→ DATASET RECORDS:
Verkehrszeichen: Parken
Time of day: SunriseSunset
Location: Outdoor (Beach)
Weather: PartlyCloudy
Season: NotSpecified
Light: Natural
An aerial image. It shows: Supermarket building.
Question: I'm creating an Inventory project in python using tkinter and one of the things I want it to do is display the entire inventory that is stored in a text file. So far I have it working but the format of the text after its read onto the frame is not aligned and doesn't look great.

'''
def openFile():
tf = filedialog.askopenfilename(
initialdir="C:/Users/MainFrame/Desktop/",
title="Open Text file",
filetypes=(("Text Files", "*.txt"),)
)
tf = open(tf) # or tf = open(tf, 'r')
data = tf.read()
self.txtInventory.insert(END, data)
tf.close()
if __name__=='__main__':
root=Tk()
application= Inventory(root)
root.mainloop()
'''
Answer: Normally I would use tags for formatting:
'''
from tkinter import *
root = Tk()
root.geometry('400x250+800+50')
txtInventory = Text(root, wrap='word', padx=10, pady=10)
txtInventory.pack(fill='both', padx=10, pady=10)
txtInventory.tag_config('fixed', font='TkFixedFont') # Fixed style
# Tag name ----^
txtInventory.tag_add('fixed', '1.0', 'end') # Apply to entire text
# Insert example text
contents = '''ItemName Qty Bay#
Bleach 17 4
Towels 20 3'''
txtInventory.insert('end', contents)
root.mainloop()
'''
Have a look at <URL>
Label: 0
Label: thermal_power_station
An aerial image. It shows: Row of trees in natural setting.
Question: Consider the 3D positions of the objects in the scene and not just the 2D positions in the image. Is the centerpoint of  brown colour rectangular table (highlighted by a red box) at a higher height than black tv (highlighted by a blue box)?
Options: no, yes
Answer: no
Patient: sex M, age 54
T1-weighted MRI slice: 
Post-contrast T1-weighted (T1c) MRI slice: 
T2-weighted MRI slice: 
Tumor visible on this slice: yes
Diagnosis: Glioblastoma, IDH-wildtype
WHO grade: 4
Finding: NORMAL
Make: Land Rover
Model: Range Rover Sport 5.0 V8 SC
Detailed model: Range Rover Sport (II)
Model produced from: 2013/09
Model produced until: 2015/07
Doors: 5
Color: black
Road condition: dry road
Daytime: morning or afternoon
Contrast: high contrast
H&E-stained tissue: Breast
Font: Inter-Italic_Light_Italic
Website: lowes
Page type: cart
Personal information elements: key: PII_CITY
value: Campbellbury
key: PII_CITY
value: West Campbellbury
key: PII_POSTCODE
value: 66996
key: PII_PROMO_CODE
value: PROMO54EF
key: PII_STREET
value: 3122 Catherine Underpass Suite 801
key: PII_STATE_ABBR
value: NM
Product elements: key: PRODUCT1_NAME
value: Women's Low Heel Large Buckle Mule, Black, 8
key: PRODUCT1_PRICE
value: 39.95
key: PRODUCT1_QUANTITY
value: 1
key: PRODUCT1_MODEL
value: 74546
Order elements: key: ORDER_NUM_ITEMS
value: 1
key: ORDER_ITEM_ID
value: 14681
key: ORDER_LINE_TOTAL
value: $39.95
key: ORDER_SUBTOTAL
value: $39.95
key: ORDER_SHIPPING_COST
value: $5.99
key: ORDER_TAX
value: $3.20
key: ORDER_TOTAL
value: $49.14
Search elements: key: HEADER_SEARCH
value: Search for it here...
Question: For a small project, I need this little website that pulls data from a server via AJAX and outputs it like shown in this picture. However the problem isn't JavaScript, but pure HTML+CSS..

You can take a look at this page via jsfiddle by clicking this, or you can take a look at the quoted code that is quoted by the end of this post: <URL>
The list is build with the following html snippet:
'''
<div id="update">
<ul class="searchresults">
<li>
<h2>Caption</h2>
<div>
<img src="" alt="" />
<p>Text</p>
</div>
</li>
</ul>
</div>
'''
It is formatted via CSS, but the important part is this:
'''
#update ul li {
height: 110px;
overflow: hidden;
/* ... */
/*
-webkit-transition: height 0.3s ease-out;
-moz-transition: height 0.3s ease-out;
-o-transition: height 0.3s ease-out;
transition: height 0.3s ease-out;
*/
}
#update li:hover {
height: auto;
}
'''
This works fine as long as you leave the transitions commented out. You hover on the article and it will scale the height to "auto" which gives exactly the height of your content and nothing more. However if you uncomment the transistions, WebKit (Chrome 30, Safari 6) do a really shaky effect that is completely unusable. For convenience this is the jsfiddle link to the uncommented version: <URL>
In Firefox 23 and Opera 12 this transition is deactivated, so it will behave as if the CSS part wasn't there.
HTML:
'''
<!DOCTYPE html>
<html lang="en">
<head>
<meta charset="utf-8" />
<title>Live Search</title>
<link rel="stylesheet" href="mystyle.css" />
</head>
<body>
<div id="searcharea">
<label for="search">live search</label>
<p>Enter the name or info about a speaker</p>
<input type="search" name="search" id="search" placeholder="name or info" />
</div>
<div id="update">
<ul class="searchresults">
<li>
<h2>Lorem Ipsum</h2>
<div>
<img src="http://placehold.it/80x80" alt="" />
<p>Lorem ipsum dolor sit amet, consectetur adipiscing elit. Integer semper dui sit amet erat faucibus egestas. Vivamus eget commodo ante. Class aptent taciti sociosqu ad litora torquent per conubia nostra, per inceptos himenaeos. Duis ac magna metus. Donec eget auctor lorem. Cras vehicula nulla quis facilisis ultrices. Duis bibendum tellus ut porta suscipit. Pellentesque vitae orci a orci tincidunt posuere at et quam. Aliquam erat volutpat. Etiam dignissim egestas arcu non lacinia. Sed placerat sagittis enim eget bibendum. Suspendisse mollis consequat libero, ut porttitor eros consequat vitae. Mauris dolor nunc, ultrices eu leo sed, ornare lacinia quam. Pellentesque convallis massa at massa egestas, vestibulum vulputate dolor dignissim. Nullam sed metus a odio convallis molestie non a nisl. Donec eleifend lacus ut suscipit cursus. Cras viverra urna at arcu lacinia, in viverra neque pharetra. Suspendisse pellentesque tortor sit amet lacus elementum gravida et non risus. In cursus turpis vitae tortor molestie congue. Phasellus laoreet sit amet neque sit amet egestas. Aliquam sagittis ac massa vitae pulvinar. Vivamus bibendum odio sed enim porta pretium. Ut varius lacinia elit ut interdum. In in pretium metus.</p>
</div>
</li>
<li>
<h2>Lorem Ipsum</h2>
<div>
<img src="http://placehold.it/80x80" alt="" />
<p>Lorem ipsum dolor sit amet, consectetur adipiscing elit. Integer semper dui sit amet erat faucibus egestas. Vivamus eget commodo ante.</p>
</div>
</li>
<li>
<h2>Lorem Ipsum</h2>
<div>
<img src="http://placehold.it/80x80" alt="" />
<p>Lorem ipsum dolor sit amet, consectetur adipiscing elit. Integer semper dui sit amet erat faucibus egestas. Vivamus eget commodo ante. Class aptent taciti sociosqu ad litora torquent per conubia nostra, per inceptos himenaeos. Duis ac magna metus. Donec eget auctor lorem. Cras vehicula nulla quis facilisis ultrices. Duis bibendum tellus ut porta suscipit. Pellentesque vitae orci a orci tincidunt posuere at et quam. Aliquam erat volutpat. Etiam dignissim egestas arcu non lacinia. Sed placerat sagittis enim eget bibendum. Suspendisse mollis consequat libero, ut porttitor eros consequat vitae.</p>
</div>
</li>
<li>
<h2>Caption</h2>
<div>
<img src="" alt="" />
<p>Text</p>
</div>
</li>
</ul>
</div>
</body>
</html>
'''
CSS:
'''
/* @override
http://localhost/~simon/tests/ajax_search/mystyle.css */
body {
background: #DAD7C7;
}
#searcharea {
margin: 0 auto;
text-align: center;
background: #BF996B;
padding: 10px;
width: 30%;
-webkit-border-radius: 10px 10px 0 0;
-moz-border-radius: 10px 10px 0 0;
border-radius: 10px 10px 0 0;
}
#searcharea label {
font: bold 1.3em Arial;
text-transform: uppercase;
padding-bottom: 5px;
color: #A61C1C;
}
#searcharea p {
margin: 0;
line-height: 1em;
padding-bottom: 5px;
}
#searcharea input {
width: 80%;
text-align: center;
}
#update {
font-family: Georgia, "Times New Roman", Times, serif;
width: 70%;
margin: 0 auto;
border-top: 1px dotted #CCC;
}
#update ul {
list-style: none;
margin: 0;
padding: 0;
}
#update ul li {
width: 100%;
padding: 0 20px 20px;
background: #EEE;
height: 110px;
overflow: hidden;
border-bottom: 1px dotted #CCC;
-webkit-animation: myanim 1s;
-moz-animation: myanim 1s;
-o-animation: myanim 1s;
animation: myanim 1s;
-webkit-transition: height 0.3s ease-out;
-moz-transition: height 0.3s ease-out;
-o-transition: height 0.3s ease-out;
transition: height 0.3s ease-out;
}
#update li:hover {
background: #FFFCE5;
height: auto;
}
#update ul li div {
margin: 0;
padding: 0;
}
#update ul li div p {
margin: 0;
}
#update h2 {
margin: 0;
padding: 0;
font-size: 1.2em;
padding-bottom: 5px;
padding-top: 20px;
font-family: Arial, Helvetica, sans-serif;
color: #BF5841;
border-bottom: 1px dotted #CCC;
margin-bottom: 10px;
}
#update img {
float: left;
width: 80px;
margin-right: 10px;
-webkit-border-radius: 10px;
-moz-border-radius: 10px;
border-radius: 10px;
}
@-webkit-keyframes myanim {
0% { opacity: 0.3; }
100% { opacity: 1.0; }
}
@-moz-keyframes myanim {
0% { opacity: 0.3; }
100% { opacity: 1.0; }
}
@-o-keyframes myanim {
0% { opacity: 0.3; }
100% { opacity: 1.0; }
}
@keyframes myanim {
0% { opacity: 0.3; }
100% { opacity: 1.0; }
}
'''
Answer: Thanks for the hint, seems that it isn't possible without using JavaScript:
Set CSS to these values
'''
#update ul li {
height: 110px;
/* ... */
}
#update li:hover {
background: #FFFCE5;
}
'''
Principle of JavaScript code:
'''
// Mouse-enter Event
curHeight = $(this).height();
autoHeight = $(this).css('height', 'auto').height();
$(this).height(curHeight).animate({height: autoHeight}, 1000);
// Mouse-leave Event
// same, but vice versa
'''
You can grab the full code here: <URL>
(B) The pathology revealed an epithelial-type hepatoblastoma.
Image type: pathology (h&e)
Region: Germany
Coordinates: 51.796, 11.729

→ PROBLEM TO WORK ON:
Retype exactly the span of lines from the one with "Diagnosis: Glioblastoma, IDH-wildtype" through the one with "value: $3.20"; include both ends and omit the rest of the material.

→ ANSWER TO THIS TASK:
Diagnosis: Glioblastoma, IDH-wildtype
WHO grade: 4
Finding: NORMAL
Make: Land Rover
Model: Range Rover Sport 5.0 V8 SC
Detailed model: Range Rover Sport (II)
Model produced from: 2013/09
Model produced until: 2015/07
Doors: 5
Color: black
Road condition: dry road
Daytime: morning or afternoon
Contrast: high contrast
H&E-stained tissue: Breast
Font: Inter-Italic_Light_Italic
Website: lowes
Page type: cart
Personal information elements: key: PII_CITY
value: Campbellbury
key: PII_CITY
value: West Campbellbury
key: PII_POSTCODE
value: 66996
key: PII_PROMO_CODE
value: PROMO54EF
key: PII_STREET
value: 3122 Catherine Underpass Suite 801
key: PII_STATE_ABBR
value: NM
Product elements: key: PRODUCT1_NAME
value: Women's Low Heel Large Buckle Mule, Black, 8
key: PRODUCT1_PRICE
value: 39.95
key: PRODUCT1_QUANTITY
value: 1
key: PRODUCT1_MODEL
value: 74546
Order elements: key: ORDER_NUM_ITEMS
value: 1
key: ORDER_ITEM_ID
value: 14681
key: ORDER_LINE_TOTAL
value: $39.95
key: ORDER_SUBTOTAL
value: $39.95
key: ORDER_SHIPPING_COST
value: $5.99
key: ORDER_TAX
value: $3.20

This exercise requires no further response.